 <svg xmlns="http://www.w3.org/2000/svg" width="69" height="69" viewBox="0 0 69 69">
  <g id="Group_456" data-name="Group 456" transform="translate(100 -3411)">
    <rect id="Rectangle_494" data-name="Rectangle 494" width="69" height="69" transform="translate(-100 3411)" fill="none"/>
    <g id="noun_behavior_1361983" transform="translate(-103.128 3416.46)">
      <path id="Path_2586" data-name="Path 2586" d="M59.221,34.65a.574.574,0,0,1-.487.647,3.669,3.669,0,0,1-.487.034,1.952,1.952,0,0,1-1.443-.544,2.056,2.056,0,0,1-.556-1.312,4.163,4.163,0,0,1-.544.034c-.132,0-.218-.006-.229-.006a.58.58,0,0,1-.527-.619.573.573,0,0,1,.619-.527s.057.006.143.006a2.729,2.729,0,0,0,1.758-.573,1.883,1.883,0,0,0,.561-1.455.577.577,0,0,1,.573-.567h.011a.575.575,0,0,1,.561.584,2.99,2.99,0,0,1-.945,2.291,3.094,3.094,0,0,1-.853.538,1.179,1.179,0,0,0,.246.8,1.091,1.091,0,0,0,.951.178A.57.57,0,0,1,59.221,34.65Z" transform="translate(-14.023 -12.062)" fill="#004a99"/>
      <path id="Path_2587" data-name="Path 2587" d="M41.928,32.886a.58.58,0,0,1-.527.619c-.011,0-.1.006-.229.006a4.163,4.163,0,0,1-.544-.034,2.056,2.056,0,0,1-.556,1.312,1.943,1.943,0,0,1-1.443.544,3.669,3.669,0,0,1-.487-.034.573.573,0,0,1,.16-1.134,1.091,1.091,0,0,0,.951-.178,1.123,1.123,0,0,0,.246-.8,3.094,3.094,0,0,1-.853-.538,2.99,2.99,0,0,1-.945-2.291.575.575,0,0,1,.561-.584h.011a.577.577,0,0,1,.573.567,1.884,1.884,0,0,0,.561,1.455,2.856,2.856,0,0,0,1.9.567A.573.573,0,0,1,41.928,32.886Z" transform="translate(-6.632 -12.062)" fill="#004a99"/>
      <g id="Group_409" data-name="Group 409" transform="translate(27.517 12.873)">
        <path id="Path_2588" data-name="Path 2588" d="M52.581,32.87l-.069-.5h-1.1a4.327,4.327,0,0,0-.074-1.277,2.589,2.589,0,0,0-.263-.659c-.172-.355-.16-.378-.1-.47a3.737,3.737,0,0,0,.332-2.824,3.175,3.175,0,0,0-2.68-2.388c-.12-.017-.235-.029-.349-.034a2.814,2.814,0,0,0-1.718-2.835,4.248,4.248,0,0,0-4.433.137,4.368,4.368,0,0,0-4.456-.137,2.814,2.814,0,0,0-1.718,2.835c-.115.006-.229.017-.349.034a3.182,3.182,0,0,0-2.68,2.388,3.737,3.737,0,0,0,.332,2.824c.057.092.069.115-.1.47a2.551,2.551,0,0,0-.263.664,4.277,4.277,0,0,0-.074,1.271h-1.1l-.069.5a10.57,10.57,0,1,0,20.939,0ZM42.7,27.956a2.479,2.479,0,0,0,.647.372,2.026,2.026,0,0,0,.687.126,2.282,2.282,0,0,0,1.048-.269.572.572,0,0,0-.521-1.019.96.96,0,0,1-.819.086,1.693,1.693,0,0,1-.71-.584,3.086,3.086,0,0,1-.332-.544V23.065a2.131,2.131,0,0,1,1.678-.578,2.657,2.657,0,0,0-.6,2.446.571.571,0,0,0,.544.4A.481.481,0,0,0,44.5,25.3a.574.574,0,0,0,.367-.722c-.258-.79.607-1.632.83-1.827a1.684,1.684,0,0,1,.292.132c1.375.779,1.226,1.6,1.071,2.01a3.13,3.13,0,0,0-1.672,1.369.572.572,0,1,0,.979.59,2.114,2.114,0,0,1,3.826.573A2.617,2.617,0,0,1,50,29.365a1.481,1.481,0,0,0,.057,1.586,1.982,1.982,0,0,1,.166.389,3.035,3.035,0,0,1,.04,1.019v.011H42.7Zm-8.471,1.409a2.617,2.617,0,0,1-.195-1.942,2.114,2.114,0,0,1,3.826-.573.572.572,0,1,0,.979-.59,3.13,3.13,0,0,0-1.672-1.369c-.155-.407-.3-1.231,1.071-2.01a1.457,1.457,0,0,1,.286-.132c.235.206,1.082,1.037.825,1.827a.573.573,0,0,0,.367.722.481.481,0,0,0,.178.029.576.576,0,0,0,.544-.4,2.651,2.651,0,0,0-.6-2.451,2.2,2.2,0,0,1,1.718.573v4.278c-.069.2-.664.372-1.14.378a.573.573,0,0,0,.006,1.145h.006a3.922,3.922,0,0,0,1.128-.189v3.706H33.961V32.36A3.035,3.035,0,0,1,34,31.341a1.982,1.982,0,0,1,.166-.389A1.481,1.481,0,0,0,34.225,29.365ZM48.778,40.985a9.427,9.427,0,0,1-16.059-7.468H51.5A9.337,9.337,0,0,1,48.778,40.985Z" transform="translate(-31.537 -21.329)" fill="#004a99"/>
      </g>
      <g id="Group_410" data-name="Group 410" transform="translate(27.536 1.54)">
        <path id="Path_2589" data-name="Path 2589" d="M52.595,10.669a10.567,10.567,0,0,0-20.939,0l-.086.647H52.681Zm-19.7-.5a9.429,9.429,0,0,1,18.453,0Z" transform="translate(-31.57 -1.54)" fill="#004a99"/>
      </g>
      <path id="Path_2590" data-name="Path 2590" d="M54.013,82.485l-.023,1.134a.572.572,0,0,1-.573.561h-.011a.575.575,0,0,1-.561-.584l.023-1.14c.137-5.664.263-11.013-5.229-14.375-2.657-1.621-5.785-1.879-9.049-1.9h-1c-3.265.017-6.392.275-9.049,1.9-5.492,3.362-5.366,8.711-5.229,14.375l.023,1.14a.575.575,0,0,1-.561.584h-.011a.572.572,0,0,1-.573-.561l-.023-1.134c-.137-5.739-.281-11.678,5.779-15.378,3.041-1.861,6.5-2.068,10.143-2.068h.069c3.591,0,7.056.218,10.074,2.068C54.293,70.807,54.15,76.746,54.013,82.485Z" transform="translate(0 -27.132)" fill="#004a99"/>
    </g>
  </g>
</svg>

WORK INSTRUCTION => Each line of the listing is to be reproduced verbatim.

OUTPUT OF THE TASK =>
 <svg xmlns="http://www.w3.org/2000/svg" width="69" height="69" viewBox="0 0 69 69">
  <g id="Group_456" data-name="Group 456" transform="translate(100 -3411)">
    <rect id="Rectangle_494" data-name="Rectangle 494" width="69" height="69" transform="translate(-100 3411)" fill="none"/>
    <g id="noun_behavior_1361983" transform="translate(-103.128 3416.46)">
      <path id="Path_2586" data-name="Path 2586" d="M59.221,34.65a.574.574,0,0,1-.487.647,3.669,3.669,0,0,1-.487.034,1.952,1.952,0,0,1-1.443-.544,2.056,2.056,0,0,1-.556-1.312,4.163,4.163,0,0,1-.544.034c-.132,0-.218-.006-.229-.006a.58.58,0,0,1-.527-.619.573.573,0,0,1,.619-.527s.057.006.143.006a2.729,2.729,0,0,0,1.758-.573,1.883,1.883,0,0,0,.561-1.455.577.577,0,0,1,.573-.567h.011a.575.575,0,0,1,.561.584,2.99,2.99,0,0,1-.945,2.291,3.094,3.094,0,0,1-.853.538,1.179,1.179,0,0,0,.246.8,1.091,1.091,0,0,0,.951.178A.57.57,0,0,1,59.221,34.65Z" transform="translate(-14.023 -12.062)" fill="#004a99"/>
      <path id="Path_2587" data-name="Path 2587" d="M41.928,32.886a.58.58,0,0,1-.527.619c-.011,0-.1.006-.229.006a4.163,4.163,0,0,1-.544-.034,2.056,2.056,0,0,1-.556,1.312,1.943,1.943,0,0,1-1.443.544,3.669,3.669,0,0,1-.487-.034.573.573,0,0,1,.16-1.134,1.091,1.091,0,0,0,.951-.178,1.123,1.123,0,0,0,.246-.8,3.094,3.094,0,0,1-.853-.538,2.99,2.99,0,0,1-.945-2.291.575.575,0,0,1,.561-.584h.011a.577.577,0,0,1,.573.567,1.884,1.884,0,0,0,.561,1.455,2.856,2.856,0,0,0,1.9.567A.573.573,0,0,1,41.928,32.886Z" transform="translate(-6.632 -12.062)" fill="#004a99"/>
      <g id="Group_409" data-name="Group 409" transform="translate(27.517 12.873)">
        <path id="Path_2588" data-name="Path 2588" d="M52.581,32.87l-.069-.5h-1.1a4.327,4.327,0,0,0-.074-1.277,2.589,2.589,0,0,0-.263-.659c-.172-.355-.16-.378-.1-.47a3.737,3.737,0,0,0,.332-2.824,3.175,3.175,0,0,0-2.68-2.388c-.12-.017-.235-.029-.349-.034a2.814,2.814,0,0,0-1.718-2.835,4.248,4.248,0,0,0-4.433.137,4.368,4.368,0,0,0-4.456-.137,2.814,2.814,0,0,0-1.718,2.835c-.115.006-.229.017-.349.034a3.182,3.182,0,0,0-2.68,2.388,3.737,3.737,0,0,0,.332,2.824c.057.092.069.115-.1.47a2.551,2.551,0,0,0-.263.664,4.277,4.277,0,0,0-.074,1.271h-1.1l-.069.5a10.57,10.57,0,1,0,20.939,0ZM42.7,27.956a2.479,2.479,0,0,0,.647.372,2.026,2.026,0,0,0,.687.126,2.282,2.282,0,0,0,1.048-.269.572.572,0,0,0-.521-1.019.96.96,0,0,1-.819.086,1.693,1.693,0,0,1-.71-.584,3.086,3.086,0,0,1-.332-.544V23.065a2.131,2.131,0,0,1,1.678-.578,2.657,2.657,0,0,0-.6,2.446.571.571,0,0,0,.544.4A.481.481,0,0,0,44.5,25.3a.574.574,0,0,0,.367-.722c-.258-.79.607-1.632.83-1.827a1.684,1.684,0,0,1,.292.132c1.375.779,1.226,1.6,1.071,2.01a3.13,3.13,0,0,0-1.672,1.369.572.572,0,1,0,.979.59,2.114,2.114,0,0,1,3.826.573A2.617,2.617,0,0,1,50,29.365a1.481,1.481,0,0,0,.057,1.586,1.982,1.982,0,0,1,.166.389,3.035,3.035,0,0,1,.04,1.019v.011H42.7Zm-8.471,1.409a2.617,2.617,0,0,1-.195-1.942,2.114,2.114,0,0,1,3.826-.573.572.572,0,1,0,.979-.59,3.13,3.13,0,0,0-1.672-1.369c-.155-.407-.3-1.231,1.071-2.01a1.457,1.457,0,0,1,.286-.132c.235.206,1.082,1.037.825,1.827a.573.573,0,0,0,.367.722.481.481,0,0,0,.178.029.576.576,0,0,0,.544-.4,2.651,2.651,0,0,0-.6-2.451,2.2,2.2,0,0,1,1.718.573v4.278c-.069.2-.664.372-1.14.378a.573.573,0,0,0,.006,1.145h.006a3.922,3.922,0,0,0,1.128-.189v3.706H33.961V32.36A3.035,3.035,0,0,1,34,31.341a1.982,1.982,0,0,1,.166-.389A1.481,1.481,0,0,0,34.225,29.365ZM48.778,40.985a9.427,9.427,0,0,1-16.059-7.468H51.5A9.337,9.337,0,0,1,48.778,40.985Z" transform="translate(-31.537 -21.329)" fill="#004a99"/>
      </g>
      <g id="Group_410" data-name="Group 410" transform="translate(27.536 1.54)">
        <path id="Path_2589" data-name="Path 2589" d="M52.595,10.669a10.567,10.567,0,0,0-20.939,0l-.086.647H52.681Zm-19.7-.5a9.429,9.429,0,0,1,18.453,0Z" transform="translate(-31.57 -1.54)" fill="#004a99"/>
      </g>
      <path id="Path_2590" data-name="Path 2590" d="M54.013,82.485l-.023,1.134a.572.572,0,0,1-.573.561h-.011a.575.575,0,0,1-.561-.584l.023-1.14c.137-5.664.263-11.013-5.229-14.375-2.657-1.621-5.785-1.879-9.049-1.9h-1c-3.265.017-6.392.275-9.049,1.9-5.492,3.362-5.366,8.711-5.229,14.375l.023,1.14a.575.575,0,0,1-.561.584h-.011a.572.572,0,0,1-.573-.561l-.023-1.134c-.137-5.739-.281-11.678,5.779-15.378,3.041-1.861,6.5-2.068,10.143-2.068h.069c3.591,0,7.056.218,10.074,2.068C54.293,70.807,54.15,76.746,54.013,82.485Z" transform="translate(0 -27.132)" fill="#004a99"/>
    </g>
  </g>
</svg>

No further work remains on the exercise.